Giles Inman, business development manager at East Midlands Property Owners Group (EMPO) which represents 700 landlords, echoed the concerns. He added: “The big elephant in the room is the cost of living crisis. From a professional landlord perspective is it really a sensible conversation to be having while people are struggling?

“The council has admitted very little has been achieved through the [old] scheme. Anti-social behavior is still a big problem in the city and the number of properties that have had hazards removed is such a small percentage.

“Is there a better way to do this? We know rents in Nottingham are above national average.

“If costs go up in businesses they pass them on to customers. We are not different as landlords, and if our costs go up then we will pass it on to tenants.

“More landlords are selling up and we have lots of tenants worried about if their rents will go up.

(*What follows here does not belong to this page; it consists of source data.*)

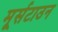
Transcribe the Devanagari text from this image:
मूर्सटाउन
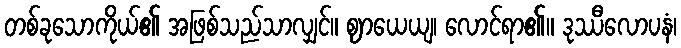
တစ်ခုသောကိုယ်၏ အဖြစ်သည်သာလျှင်။ ဈာယေယျ၊ လောင်ရာ၏။ ဒုဿီလောပနံ၊
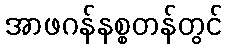
အာဖဂန်နစ္စတန်တွင်
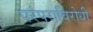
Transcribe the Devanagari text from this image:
परंपराविरोधी
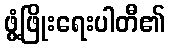
ဖွံ့ဖြိုးရေးပါတီ၏
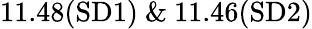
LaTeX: \mathrm{{11.48(SD1)~\& ~11.46(SD2)}}
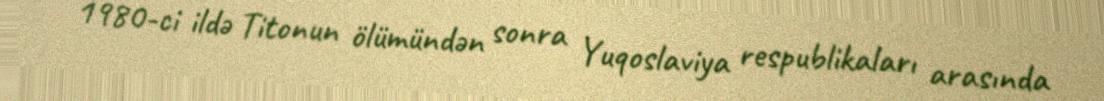
1980-ci ildə Titonun ölümündən sonra Yuqoslaviya respublikaları arasında
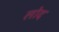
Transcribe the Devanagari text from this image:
लोद
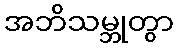
အဘိသမ္ဘုတွာ
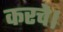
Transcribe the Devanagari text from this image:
करचे।
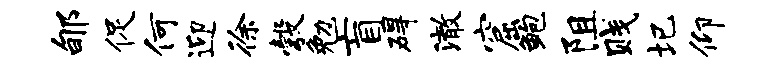
郇促何迎徐彀勉盲碍澈窟鲍阻贱圮仰
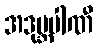
အဒုဗ္ဘပါဏီ
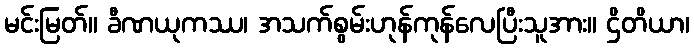
မင်းမြတ်။ ခီဏယုကဿ၊ အသက်စွမ်းဟုန်ကုန်လေပြီးသူအား။ ဌိတိယာ၊
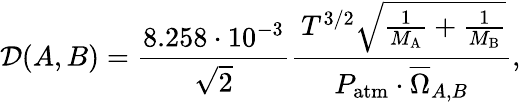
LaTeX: \mathcal{D}(A,B)=\frac{8.258\cdot 10^{-3}}{\sqrt{2}}\frac{\, T^{3/2}\sqrt{\frac{1}{M_{\mathrm{A}}}+\frac{1}{M_{\mathrm{B}}}}}{P_{\mathrm{atm}}\cdot\overline{{\Omega}}_{A,B}},
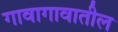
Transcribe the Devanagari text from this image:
गावागावातील
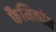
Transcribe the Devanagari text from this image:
फैमिकॉम
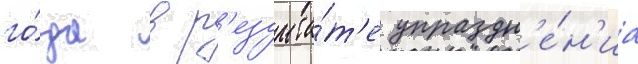
го́да в р'езульта́т'е упраздн'е́н'иа
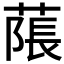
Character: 𦹥
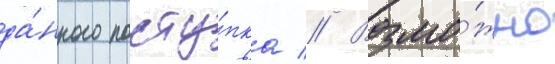
да́нного посту́пка // Возмо́жно
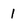
Character: 1
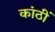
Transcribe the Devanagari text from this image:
कांठीं
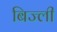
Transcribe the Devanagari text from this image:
बिज्ली
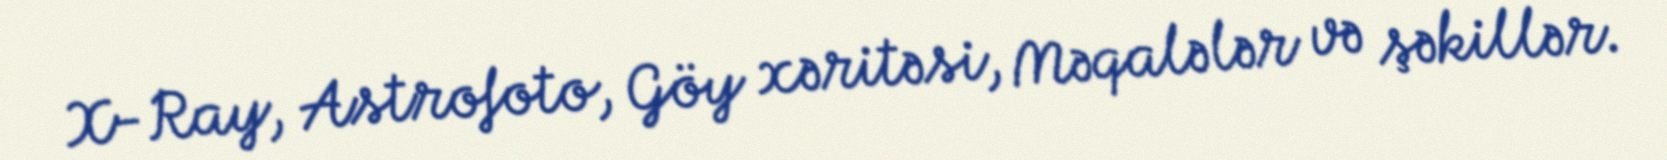
X-Ray, Astrofoto, Göy xəritəsi, Məqalələr və şəkillər.
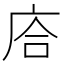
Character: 𢈈
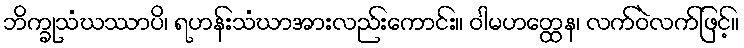
ဘိက္ခုသံဃဿာပိ၊ ရဟန်းသံဃာအားလည်းကောင်း။ ဝါမဟတ္ထေန၊ လက်ဝဲလက်ဖြင့်။
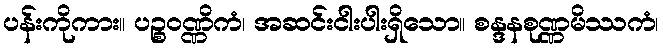
ပန်းကိုကား။ ပဉ္စဝဏ္ဏိကံ၊ အဆင်းငါးပါးရှိသော။ စန္ဒနစုဏ္ဏမိဿကံ၊
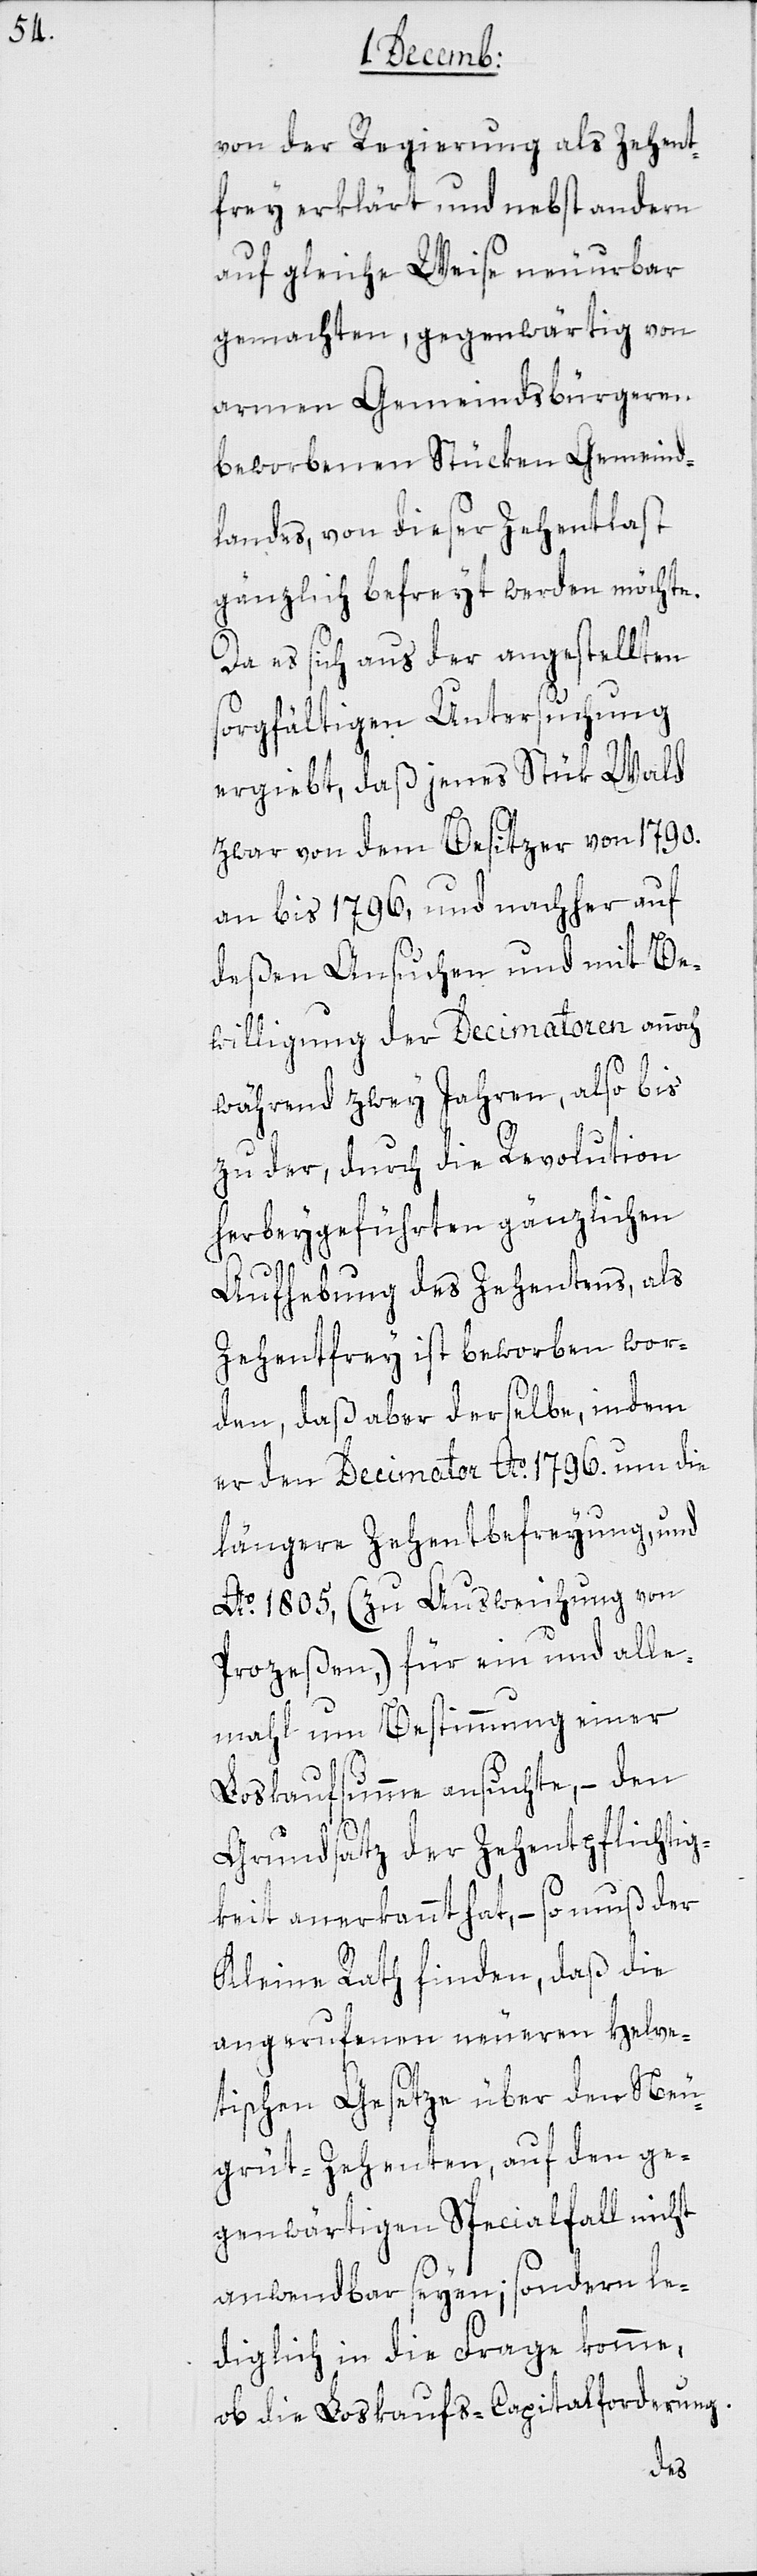
von der Regierung als Zehent¬
frey erklärt und nebst andern
auf gleiche Weise neuurbar
gemachten, gegenwärtig von
armen Gemeindsbürgeren
beworbenen Stücken Gemeind¬
landes, von dieser Zehentlast
gänzlich befreyt werden möchte.
Da es sich aus der angestellten
sorgfältigen Untersuchung
ergiebt, daß jenes Stük Wald
zwar von dem Besitzer von 1790.
an bis 1796, und nachher auf
deßen Ansuchen und mit Be¬
willigung der Decimatoren annoch
während zwey Jahren, also bis
zu der, durch die Revolution
herbeygeführten gänzlichen
Aufhebung des Zehentens, als
zehentfrey ist beworben wor¬
den, daß aber derselbe, indem
er den Decimator Ao 1796. um die
längere Zehentbefreyung, und
Ao 1805, (zu Ausweichung von
Prozeßen,) für ein und alle
mahl um Bestimmung einer
Loskaufsumme ansuchte, – den
Grundsatz der Zehentpflichtig¬
keit anerkannt hat, – so muß der
Kleine Rath finden, daß die
angerufenen neueren Helve¬
tischen Gesetze über den Neu¬
grüt-Zehenten, auf den ge¬
genwärtigen Specialfall nicht
anwendbar seyen; sondern le¬
diglich in die Frage komme,
ob die Loskaufs-Capitalforderung
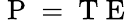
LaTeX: \mathrm{~P~}=\mathrm{~T~E~}
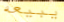
يبيعه
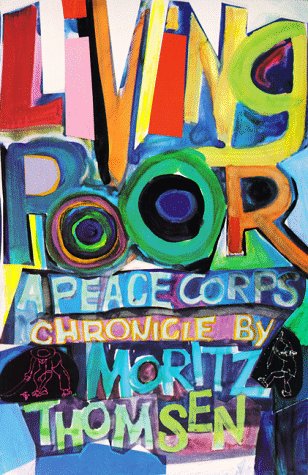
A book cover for Living Poor: A Peace Corps Chronicle; Moritz Thomsen; Travel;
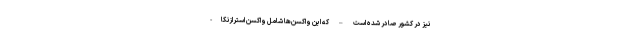
نیز در کشور صادر شده است – که این واکسن‌ها شامل واکسن استرازنکا-
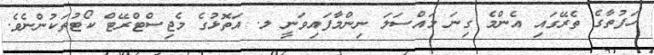
ހަފުތާގެ ތެރޭގައި އެންމެ ގިނަ މައްސަލަ ނިންމާފައިވަނީ ލ. އަތޮޅުގެ މެޖިސްޓްރޭޓް ކޯޓުތަކުންނެވެ.
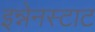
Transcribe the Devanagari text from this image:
इन्नेनस्टाट
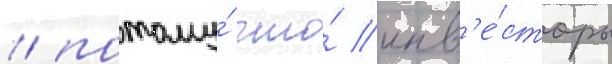
/ потому́ что́ инв'е́сторы
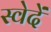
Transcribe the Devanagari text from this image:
स्वेदें
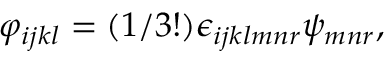
\varphi _ { i j k l } = ( 1 / 3 ! ) \epsilon _ { i j k l m n r } \psi _ { m n r } ,
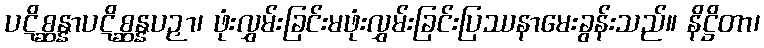
ပဋိစ္ဆန္နာပဋိစ္ဆန္နပဉှာ၊ ဖုံးလွှမ်းခြင်းမဖုံးလွှမ်းခြင်းပြဿနာမေးခွန်းသည်။ နိဋ္ဌိတာ၊
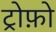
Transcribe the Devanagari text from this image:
ट्रोफ़ो
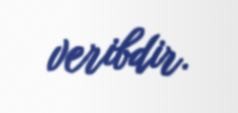
veribdir.
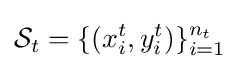
{\mathcal {S}}_{t}=\{(x_{i}^{t},y_{i}^{t})\}_{i=1}^{n_{t}}
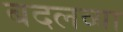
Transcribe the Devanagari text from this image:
बदलव्या
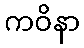
ကဝိနာ
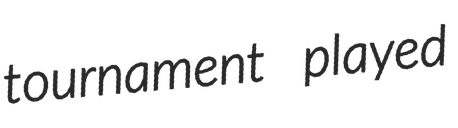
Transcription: tournament played
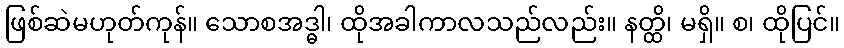
ဖြစ်ဆဲမဟုတ်ကုန်။ သောစအဒ္ဓါ၊ ထိုအခါကာလသည်လည်း။ နတ္ထိ၊ မရှိ။ စ၊ ထိုပြင်။
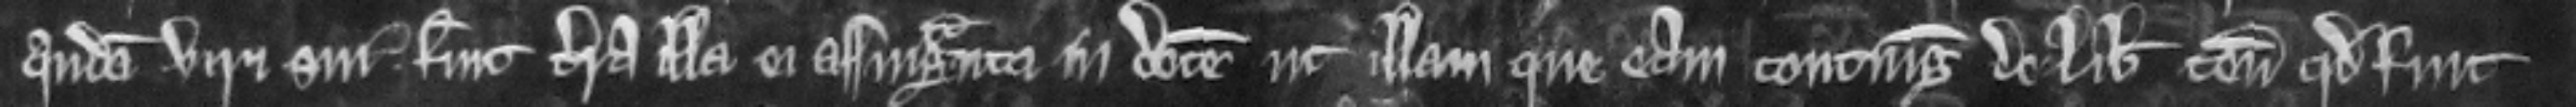
quondam viri sui fuit terra illa ei assignata in dotem ut illam que eam contingit de libero tenemento quod fuit
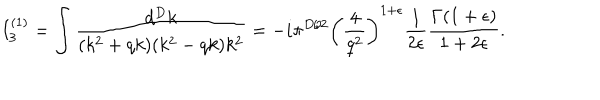
I _ { 3 } ^ { ( 1 ) } = \int \frac { d ^ { D } k } { ( k ^ { 2 } + q k ) ( k ^ { 2 } - q k ) k ^ { 2 } } = - i \pi ^ { D / 2 } \left( \frac { 4 } { q ^ { 2 } } \right) ^ { 1 + \epsilon } \frac { 1 } { 2 \epsilon } \frac { \Gamma ( 1 + \epsilon ) } { 1 + 2 \epsilon } .
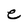
Character: e
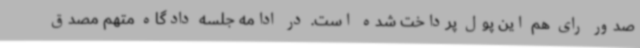
صدور رای هم این پول پرداخت شده است. در ادامه جلسه دادگاه متهم مصدق
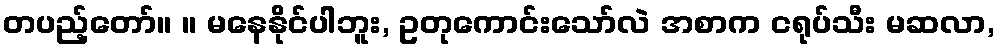
တပည့်တော်။ ။ မနေနိုင်ပါဘူး, ဥတုကောင်းသော်လဲ အစာက ငရုပ်သီး မဆလာ,
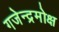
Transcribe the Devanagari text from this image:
गजेन्द्रमोक्ष
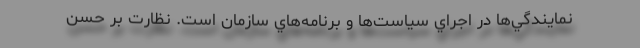
نمايندگي‌ها در اجراي سياست‌ها و برنامه‌هاي سازمان است. نظارت بر حسن
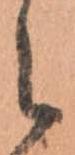
之
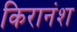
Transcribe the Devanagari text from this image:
किरानंश
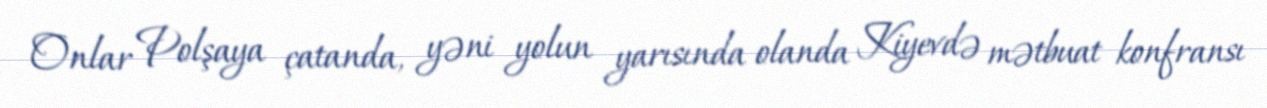
Onlar Polşaya çatanda, yəni yolun yarısında olanda Kiyevdə mətbuat konfransı
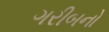
ગરીબનો
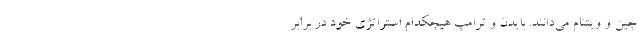
چین و ویتنام می‌دانند. بایدن و ترامپ هیچکدام استراتژی خود در برابر
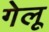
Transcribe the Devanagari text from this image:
गेलू
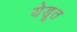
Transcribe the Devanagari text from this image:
येडूत
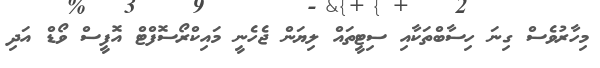
މިހާރުވެސް ގިނަ ހިސާބްތަކާއި ސިޓީތައް ލިޔަން ޖެހެނީ މައިކްރޯސޮފްޓް އޮފީސް ވޯޑް އަދި
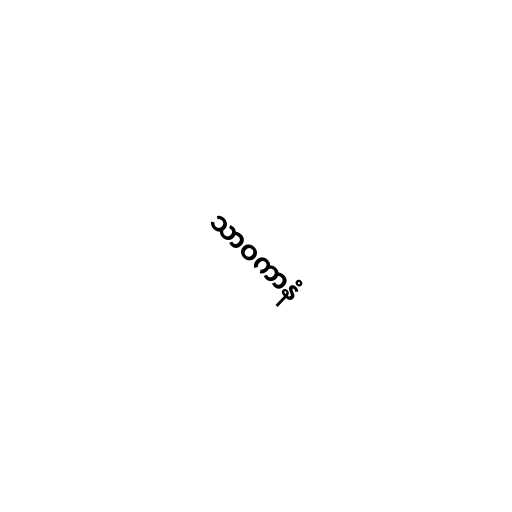
သာဝကာနံ
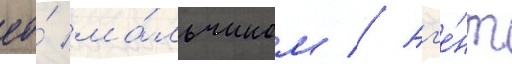
ео́ ма́льчиком // Аг'е́нт
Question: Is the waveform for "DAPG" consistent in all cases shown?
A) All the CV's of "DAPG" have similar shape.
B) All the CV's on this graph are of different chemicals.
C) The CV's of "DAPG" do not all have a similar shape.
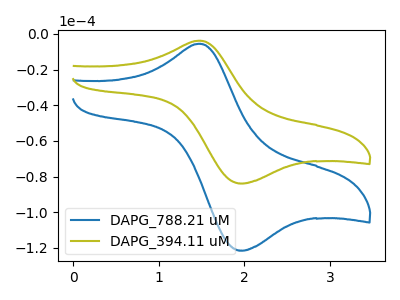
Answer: <think>The blue curve "DAPG_788.21 uM" has an anodic peak at (1.50V, -5.50uA) and a cathodic peak at (2.00V, -121.45uA). The olive curve "DAPG_394.11 uM" has an anodic peak at (1.50V, -3.80uA) and a cathodic peak at (2.00V, -83.80uA).
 All the peaks in "DAPG_788.21 uM" have a peak in "DAPG_394.11 uM" at the same potential.</think>
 <answer>A) All the CV's of "DAPG" have similar shape.</answer>
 <eval>A</eval>
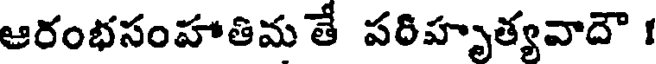
ఆరంభసంహాతిమ తే పరిహృత్యవాదౌ ।
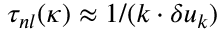
\tau _ { n l } ( \boldsymbol { \kappa } ) \approx 1 / ( k \cdot \delta u _ { k } )
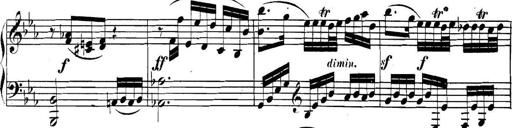
Title: Collected Piano Sonatas
Composer: Muzio Clementi
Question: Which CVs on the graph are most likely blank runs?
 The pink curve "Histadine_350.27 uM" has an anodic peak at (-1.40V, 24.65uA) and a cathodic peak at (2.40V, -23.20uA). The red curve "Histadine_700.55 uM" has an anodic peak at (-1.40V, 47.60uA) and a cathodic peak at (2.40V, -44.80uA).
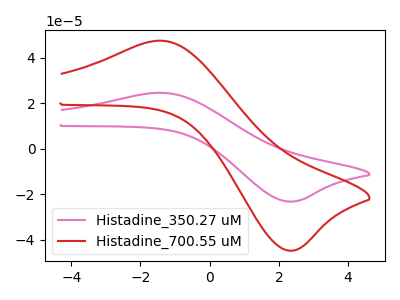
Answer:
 <answer>There are not any CV's on this graph that are likely to be blanks.</answer>
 <eval>none</eval>
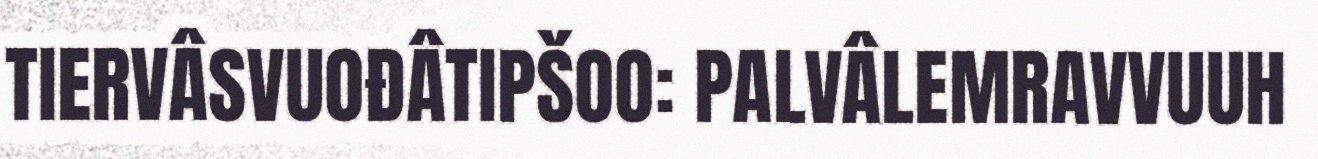
TIERVÂSVUOĐÂTIPŠOO: PALVÂLEMRAVVUUH
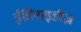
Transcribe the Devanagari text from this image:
ईडियाइडीज़
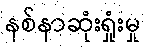
နစ်နာဆုံးရှုံးမှု
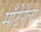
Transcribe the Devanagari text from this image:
माँटेरेला
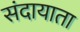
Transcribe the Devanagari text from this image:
संदायाता
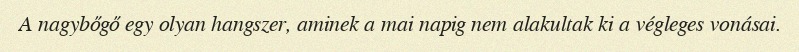
A nagybőgő egy olyan hangszer, aminek a mai napig nem alakultak ki a végleges vonásai.
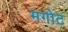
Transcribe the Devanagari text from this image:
मगोट
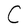
Character: C
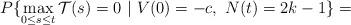
LaTeX: \begin{align*}P\{\max_{0\le s\le t}\mathcal{T}(s)=0\ |\ V(0) = -c,\ N(t) = 2k-1\} =\end{align*}
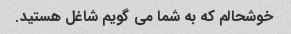
خوشحالم که به شما می گویم شاغل هستید.
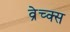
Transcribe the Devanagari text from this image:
व्रेच्क्स
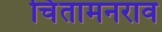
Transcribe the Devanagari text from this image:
चिंतामनराव
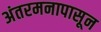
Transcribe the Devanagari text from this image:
अंतरमनापासून

When we speak to landlords they are citing licensing as one of the reasons for selling up every time.

“They need to postpone it until economic conditions stabilize.”

It is understood the council would not be allowed to make any surplus on the scheme and all revenue from the license fees would only be used to cover the cost of administering the scheme. Councilor Toby Neal, the new portfolio holder for housing and human resources, said: “People renting privately have a right to expect a decent standard of accommodation.

“The impact of poor quality and badly managed accommodation can be very negative on the tenants. The local neighborhood also suffers because of poorly managed properties and the crime and anti-social behavior that can follow.

“Selective Licensing works to tackle poor housing conditions and poor management and to drive up standards in the private rented sector. The first Scheme has helped improve property conditions, management standards and helped to make homes safer through the removal of dangerous hazards such as electrical and gas safety, damp and mould, as well as slip, trip and fall hazards.

“We believe that there is more work needed to support landlords to comply with their responsibilities and it is important that standards are maintained and continue to improve where needed.”

And David Mellen, the leader of the council and Dales ward councilor, added: “This scheme has been very effective in the ward that I represent. Sometimes I get to visit those houses.

“Some of them are very good but others are less so. And being able to have some kind of encouragement for landlords to bring private rented households up to a decent standard and give tenants’ a decent place to live is really important.”